In particular, soon after Robert South Barrett, Jr., the first of their six children, was born in Richmond, Virginia, a young unmarried woman with her own child begged for help at their door. The Barretts provided the young woman with a meal and listened as she told of being deserted by a man who had promised marriage. Barrett recognized the similarities between herself and the young woman, and concluded that only luck separated her from the young woman in her home; one of them had fallen in love with a "good" man and one with a "bad" one.
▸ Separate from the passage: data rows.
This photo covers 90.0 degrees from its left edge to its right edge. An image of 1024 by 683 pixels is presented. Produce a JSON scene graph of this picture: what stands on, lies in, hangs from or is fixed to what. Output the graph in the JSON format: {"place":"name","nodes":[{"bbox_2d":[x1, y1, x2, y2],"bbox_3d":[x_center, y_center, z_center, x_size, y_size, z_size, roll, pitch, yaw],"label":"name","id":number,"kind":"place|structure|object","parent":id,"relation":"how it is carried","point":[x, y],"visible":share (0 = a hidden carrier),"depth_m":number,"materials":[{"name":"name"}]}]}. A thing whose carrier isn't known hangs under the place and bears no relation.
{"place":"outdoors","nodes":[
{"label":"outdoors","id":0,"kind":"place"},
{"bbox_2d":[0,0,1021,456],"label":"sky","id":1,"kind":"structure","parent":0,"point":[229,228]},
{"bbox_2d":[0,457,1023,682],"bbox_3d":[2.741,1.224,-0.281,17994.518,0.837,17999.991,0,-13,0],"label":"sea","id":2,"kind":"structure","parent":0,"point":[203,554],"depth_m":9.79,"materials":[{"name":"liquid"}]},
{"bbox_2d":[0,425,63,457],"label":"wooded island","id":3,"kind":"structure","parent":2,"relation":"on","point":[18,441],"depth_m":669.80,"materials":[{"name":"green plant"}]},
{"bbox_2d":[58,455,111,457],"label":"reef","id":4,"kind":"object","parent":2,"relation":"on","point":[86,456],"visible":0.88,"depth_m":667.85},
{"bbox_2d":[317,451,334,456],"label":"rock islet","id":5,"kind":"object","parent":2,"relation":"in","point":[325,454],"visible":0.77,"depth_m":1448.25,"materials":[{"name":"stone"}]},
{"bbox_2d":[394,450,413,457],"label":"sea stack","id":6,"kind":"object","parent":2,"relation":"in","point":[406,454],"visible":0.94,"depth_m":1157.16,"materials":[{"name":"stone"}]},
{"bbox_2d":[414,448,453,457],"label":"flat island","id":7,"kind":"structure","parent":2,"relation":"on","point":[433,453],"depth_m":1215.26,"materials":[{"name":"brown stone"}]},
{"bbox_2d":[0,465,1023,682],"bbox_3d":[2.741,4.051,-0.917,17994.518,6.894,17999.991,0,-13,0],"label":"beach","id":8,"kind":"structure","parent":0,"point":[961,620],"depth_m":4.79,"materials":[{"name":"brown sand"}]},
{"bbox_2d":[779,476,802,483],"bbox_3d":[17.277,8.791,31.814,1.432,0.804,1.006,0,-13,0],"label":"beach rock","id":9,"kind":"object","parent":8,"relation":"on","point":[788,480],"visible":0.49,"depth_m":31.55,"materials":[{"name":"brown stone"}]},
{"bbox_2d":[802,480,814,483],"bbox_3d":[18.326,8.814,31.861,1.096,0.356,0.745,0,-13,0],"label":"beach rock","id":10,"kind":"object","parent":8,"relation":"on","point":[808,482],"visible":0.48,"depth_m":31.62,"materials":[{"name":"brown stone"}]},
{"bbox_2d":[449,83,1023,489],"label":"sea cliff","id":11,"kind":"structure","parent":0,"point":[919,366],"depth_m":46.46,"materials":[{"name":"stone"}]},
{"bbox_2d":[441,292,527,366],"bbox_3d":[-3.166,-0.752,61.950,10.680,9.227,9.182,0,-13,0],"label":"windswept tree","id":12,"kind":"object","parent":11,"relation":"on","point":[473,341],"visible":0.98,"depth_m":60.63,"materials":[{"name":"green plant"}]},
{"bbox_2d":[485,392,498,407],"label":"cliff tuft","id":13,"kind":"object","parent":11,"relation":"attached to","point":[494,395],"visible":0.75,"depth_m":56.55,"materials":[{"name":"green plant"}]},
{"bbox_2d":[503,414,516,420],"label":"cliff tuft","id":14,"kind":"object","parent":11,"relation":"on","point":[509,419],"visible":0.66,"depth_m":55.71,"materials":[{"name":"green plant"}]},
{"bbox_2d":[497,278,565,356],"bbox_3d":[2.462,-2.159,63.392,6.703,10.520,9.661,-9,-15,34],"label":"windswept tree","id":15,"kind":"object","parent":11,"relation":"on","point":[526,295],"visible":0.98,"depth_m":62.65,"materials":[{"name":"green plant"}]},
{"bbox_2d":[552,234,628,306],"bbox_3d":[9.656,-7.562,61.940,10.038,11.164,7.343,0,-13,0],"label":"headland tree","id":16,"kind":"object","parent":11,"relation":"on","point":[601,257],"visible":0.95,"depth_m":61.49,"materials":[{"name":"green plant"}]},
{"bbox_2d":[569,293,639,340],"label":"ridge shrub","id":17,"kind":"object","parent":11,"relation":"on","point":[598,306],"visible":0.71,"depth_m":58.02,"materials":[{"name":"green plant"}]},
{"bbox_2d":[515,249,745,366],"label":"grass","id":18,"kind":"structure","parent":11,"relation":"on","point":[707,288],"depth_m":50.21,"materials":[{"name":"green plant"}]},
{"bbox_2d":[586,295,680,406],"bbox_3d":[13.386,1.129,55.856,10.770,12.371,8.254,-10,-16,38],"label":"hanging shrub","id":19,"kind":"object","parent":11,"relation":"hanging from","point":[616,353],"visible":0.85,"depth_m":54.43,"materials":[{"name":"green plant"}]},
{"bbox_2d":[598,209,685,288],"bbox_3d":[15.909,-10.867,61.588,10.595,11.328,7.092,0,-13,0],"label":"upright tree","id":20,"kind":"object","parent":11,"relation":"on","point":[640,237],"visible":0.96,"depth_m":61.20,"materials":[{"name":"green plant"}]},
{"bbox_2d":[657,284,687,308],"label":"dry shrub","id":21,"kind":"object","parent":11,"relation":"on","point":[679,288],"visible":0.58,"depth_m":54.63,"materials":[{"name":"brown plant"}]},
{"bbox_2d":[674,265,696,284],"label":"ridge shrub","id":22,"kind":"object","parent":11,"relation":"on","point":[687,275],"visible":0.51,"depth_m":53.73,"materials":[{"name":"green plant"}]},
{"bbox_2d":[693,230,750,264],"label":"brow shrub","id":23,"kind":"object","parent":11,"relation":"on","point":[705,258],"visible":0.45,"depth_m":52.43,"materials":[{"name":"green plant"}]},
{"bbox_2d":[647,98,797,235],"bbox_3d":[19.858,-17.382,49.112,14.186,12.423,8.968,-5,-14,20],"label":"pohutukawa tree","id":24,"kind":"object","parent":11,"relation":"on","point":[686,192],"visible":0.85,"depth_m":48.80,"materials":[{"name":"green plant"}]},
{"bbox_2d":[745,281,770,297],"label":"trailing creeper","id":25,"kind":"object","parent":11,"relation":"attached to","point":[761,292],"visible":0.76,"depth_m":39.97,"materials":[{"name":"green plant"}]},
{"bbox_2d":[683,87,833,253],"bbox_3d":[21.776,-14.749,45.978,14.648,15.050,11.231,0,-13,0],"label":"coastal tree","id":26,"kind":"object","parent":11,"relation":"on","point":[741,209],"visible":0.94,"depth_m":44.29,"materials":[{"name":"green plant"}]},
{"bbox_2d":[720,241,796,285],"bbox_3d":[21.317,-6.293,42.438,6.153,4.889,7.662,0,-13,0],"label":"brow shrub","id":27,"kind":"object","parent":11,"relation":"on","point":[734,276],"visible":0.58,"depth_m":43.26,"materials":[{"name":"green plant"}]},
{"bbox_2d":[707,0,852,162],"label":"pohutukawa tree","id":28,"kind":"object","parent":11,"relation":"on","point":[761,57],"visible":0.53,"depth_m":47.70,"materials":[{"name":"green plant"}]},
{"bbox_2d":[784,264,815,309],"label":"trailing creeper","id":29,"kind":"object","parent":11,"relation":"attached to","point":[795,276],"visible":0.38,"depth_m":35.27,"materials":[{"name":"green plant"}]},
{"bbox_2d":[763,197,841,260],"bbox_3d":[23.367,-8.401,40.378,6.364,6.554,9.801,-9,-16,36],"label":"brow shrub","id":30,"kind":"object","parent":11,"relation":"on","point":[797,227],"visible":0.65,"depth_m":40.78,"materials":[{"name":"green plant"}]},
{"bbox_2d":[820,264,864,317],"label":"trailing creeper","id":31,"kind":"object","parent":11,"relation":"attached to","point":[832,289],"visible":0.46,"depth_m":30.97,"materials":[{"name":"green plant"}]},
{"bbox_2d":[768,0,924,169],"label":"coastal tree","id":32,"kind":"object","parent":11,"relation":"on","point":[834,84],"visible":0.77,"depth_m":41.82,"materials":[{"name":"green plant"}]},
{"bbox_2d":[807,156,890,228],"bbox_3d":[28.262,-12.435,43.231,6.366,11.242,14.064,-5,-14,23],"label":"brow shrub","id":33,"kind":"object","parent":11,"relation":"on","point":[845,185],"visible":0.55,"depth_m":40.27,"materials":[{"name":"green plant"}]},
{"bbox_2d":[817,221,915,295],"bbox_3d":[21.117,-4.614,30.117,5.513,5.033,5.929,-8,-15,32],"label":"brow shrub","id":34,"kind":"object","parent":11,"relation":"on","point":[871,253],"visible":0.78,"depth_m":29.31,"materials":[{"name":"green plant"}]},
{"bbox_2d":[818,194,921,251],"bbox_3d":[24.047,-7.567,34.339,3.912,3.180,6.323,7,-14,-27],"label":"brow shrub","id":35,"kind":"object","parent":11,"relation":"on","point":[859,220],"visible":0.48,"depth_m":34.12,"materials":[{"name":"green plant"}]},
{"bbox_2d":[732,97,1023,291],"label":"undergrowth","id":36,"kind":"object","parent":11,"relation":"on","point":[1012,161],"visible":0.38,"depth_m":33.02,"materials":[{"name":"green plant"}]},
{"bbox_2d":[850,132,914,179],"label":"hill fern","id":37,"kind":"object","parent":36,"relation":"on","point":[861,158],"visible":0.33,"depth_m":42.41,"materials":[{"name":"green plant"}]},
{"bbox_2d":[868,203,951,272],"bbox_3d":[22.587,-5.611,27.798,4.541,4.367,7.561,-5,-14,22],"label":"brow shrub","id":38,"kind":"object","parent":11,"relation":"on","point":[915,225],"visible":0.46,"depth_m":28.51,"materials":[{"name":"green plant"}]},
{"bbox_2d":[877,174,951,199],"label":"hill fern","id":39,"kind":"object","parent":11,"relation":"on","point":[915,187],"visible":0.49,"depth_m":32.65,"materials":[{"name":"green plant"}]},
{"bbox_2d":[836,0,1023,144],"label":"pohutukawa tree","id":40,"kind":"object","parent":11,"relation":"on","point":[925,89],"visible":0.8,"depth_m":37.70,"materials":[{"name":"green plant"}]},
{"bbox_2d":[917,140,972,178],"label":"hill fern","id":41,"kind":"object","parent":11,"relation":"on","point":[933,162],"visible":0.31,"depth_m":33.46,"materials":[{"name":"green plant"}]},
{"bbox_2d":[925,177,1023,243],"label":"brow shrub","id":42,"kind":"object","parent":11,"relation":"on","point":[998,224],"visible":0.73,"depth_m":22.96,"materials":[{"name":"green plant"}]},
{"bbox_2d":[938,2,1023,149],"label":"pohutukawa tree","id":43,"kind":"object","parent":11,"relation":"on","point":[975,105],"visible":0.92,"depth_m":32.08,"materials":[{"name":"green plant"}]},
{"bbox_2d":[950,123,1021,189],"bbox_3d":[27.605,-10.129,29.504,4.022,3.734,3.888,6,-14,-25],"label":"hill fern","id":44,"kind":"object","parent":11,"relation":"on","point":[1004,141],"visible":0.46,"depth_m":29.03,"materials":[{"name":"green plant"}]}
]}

Furthermore, from her own experiences as a slaveholder and with Jim Crow laws, Barrett also realized how spirits could be broken by degradation. Profoundly moved by her new-found bond with this "fallen" woman, she vowed, "By the power of God that rules the Universe, I would spend my life trying to wipe out some of the inequalities that were meted out to my sisters who were so helpless to help themselves."

==Doctor, mother, widow==
When Rev. Barrett was assigned to Atlanta in 1886, Katherine Barrett, with his encouragement, pursued a medical degree, while also establishing what came to be her first shelter for unwed mothers. The Women's Medical College of Georgia awarded Barrett an M.D. in 1892 and a doctor of science degree in 1894. Barrett never intended to practice as a physician, but wanted to bolster her credibility: "she recognized that the initials 'M.D.' behind her name gave weight to her viewpoints."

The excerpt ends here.